◆ YOUR INSTRUCTIONS
Needed from the data below: every line from the one with "A CAD part, top" up to and including the one with "In plain terms, the", repeated exactly and with nothing else.

+ + + + +

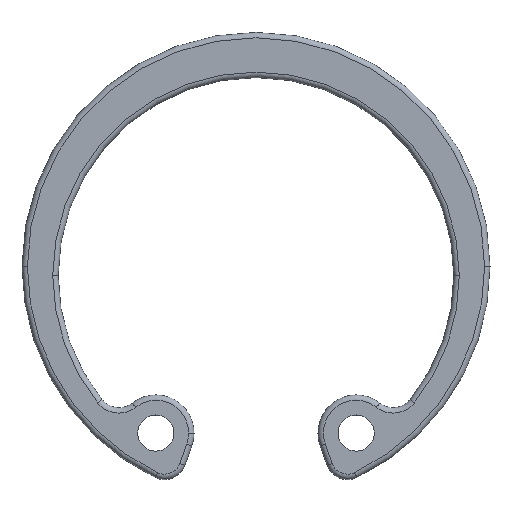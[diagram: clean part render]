
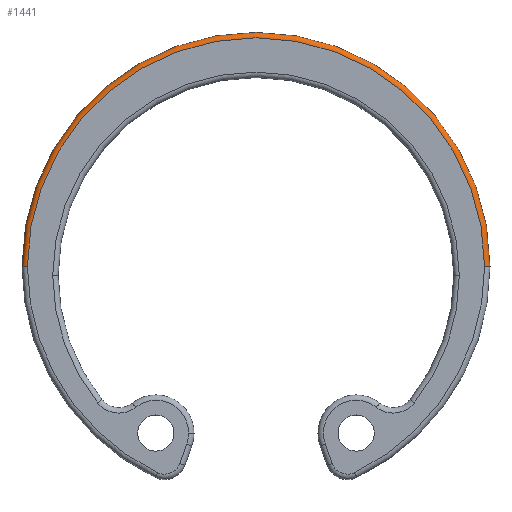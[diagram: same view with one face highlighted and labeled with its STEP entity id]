
A CAD part, top view. The second image highlights one B-rep face of the part: STEP entity #1441.
In plain terms, the highlighted toroidal (fillet/blend) face has major radius 12.65 mm and minor radius 0.3 mm.
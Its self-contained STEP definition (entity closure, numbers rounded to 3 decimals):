
#46 = EDGE_CURVE ( 'NONE', #641, #297, #1285, .T. ) ;
#60 = TOROIDAL_SURFACE ( 'NONE', #809, 12.65, 0.3 ) ;
#95 = VERTEX_POINT ( 'NONE', #178 ) ;
#170 = EDGE_CURVE ( 'NONE', #95, #297, #1153, .T. ) ;
#178 = CARTESIAN_POINT ( 'NONE',  ( 12.65, 0., 1.2 ) ) ;
#197 = EDGE_CURVE ( 'NONE', #1160, #95, #948, .T. ) ;
#280 = ORIENTED_EDGE ( 'NONE', *, *, #660, .F. ) ;
#297 = VERTEX_POINT ( 'NONE', #1171 ) ;
#299 = CIRCLE ( 'NONE', #1166, 12.95 ) ;
#518 = EDGE_LOOP ( 'NONE', ( #280, #1493, #1025, #858 ) ) ;
#556 = AXIS2_PLACEMENT_3D ( 'NONE', #732, #1177, #1364 ) ;
#603 = DIRECTION ( 'NONE',  ( 0., 0., 1. ) ) ;
#625 = AXIS2_PLACEMENT_3D ( 'NONE', #1336, #789, #777 ) ;
#641 = VERTEX_POINT ( 'NONE', #1425 ) ;
#660 = EDGE_CURVE ( 'NONE', #641, #1160, #299, .T. ) ;
#732 = CARTESIAN_POINT ( 'NONE',  ( 12.65, 0., 0.9 ) ) ;
#777 = DIRECTION ( 'NONE',  ( 1., 0., 0. ) ) ;
#789 = DIRECTION ( 'NONE',  ( 0., 0., 1. ) ) ;
#809 = AXIS2_PLACEMENT_3D ( 'NONE', #1391, #603, #1506 ) ;
#858 = ORIENTED_EDGE ( 'NONE', *, *, #197, .F. ) ;
#911 = AXIS2_PLACEMENT_3D ( 'NONE', #1275, #1271, #1265 ) ;
#948 = CIRCLE ( 'NONE', #556, 0.3 ) ;
#1025 = ORIENTED_EDGE ( 'NONE', *, *, #170, .F. ) ;
#1039 = FACE_OUTER_BOUND ( 'NONE', #518, .T. ) ;
#1151 = DIRECTION ( 'NONE',  ( 1., 0., 0. ) ) ;
#1153 = CIRCLE ( 'NONE', #625, 12.65 ) ;
#1160 = VERTEX_POINT ( 'NONE', #1334 ) ;
#1166 = AXIS2_PLACEMENT_3D ( 'NONE', #1389, #1243, #1151 ) ;
#1171 = CARTESIAN_POINT ( 'NONE',  ( -12.65, 0., 1.2 ) ) ;
#1177 = DIRECTION ( 'NONE',  ( 0., -1., 0. ) ) ;
#1243 = DIRECTION ( 'NONE',  ( 0., 0., -1. ) ) ;
#1265 = DIRECTION ( 'NONE',  ( -1., 0., 0. ) ) ;
#1271 = DIRECTION ( 'NONE',  ( 0., 1., 0. ) ) ;
#1275 = CARTESIAN_POINT ( 'NONE',  ( -12.65, 0., 0.9 ) ) ;
#1285 = CIRCLE ( 'NONE', #911, 0.3 ) ;
#1334 = CARTESIAN_POINT ( 'NONE',  ( 12.95, 0., 0.9 ) ) ;
#1336 = CARTESIAN_POINT ( 'NONE',  ( 0., 0., 1.2 ) ) ;
#1364 = DIRECTION ( 'NONE',  ( 0., 0., -1. ) ) ;
#1389 = CARTESIAN_POINT ( 'NONE',  ( 0., 0., 0.9 ) ) ;
#1391 = CARTESIAN_POINT ( 'NONE',  ( 0., 0., 0.9 ) ) ;
#1425 = CARTESIAN_POINT ( 'NONE',  ( -12.95, 0., 0.9 ) ) ;
#1441 = ADVANCED_FACE ( 'NONE', ( #1039 ), #60, .T. ) ;
#1493 = ORIENTED_EDGE ( 'NONE', *, *, #46, .T. ) ;
#1506 = DIRECTION ( 'NONE',  ( 1., 0., 0. ) ) ;
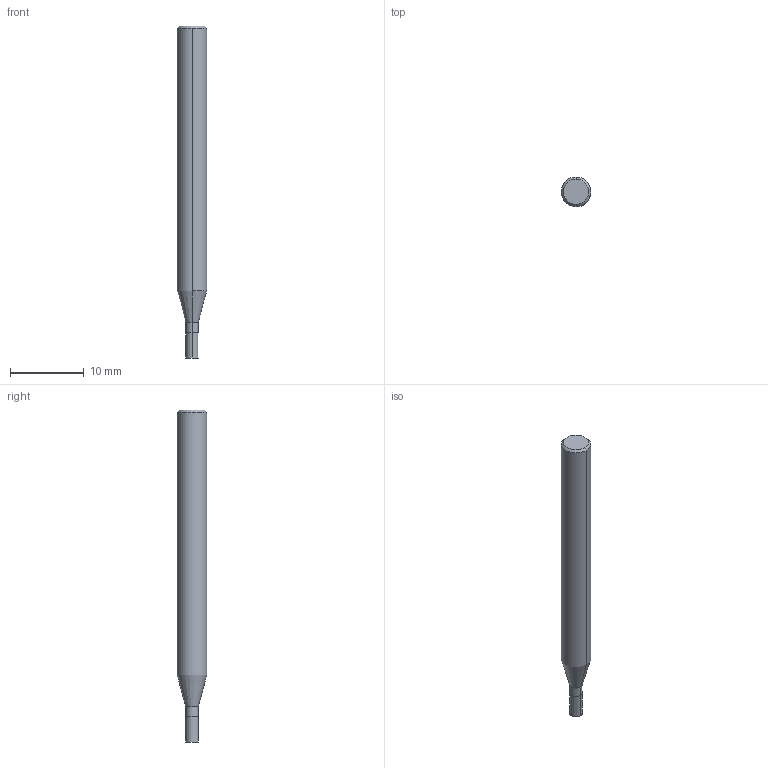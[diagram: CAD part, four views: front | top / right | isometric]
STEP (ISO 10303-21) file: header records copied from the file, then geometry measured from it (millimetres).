
FILE_DESCRIPTION(('no description'),'unknown implementation level');
FILE_NAME('solidNr2zqcQkmX6GncsO41o68XLxN40_1.STP',' ',('CIMSOURCE GmbH'),('CADClick - KiM GmbH - www.kimweb.de'),'unknown preprocess','ACIS','unknown authorization');
FILE_SCHEMA(('automotive_design'));
Length unit declared in the file: millimetre
Products named in the file (2): 1; 2
Bounding box: 4 x 4 x 45 mm (x, y, z)
Volume: 490.4 mm3; surface area: 533.7 mm2
Topology: 2 solids, 2 shells, 15 faces, 26 edges, 16 vertices
Faces by surface type: cone 6, plane 5, cylinder 4
Entity records: 759 total; most frequent: DIRECTION 84, CARTESIAN_POINT 63, STYLED_ITEM 59, PRESENTATION_STYLE_ASSIGNMENT 59, COLOUR_RGB 59, ORIENTED_EDGE 52, AXIS2_PLACEMENT_3D 37, EDGE_CURVE 26

+ + + + +

◆ SOLUTION FOR THIS TASK
A CAD part, top view. The second image highlights one B-rep face of the part: STEP entity #1441.
In plain terms, the highlighted toroidal (fillet/blend) face has major radius 12.65 mm and minor radius 0.3 mm.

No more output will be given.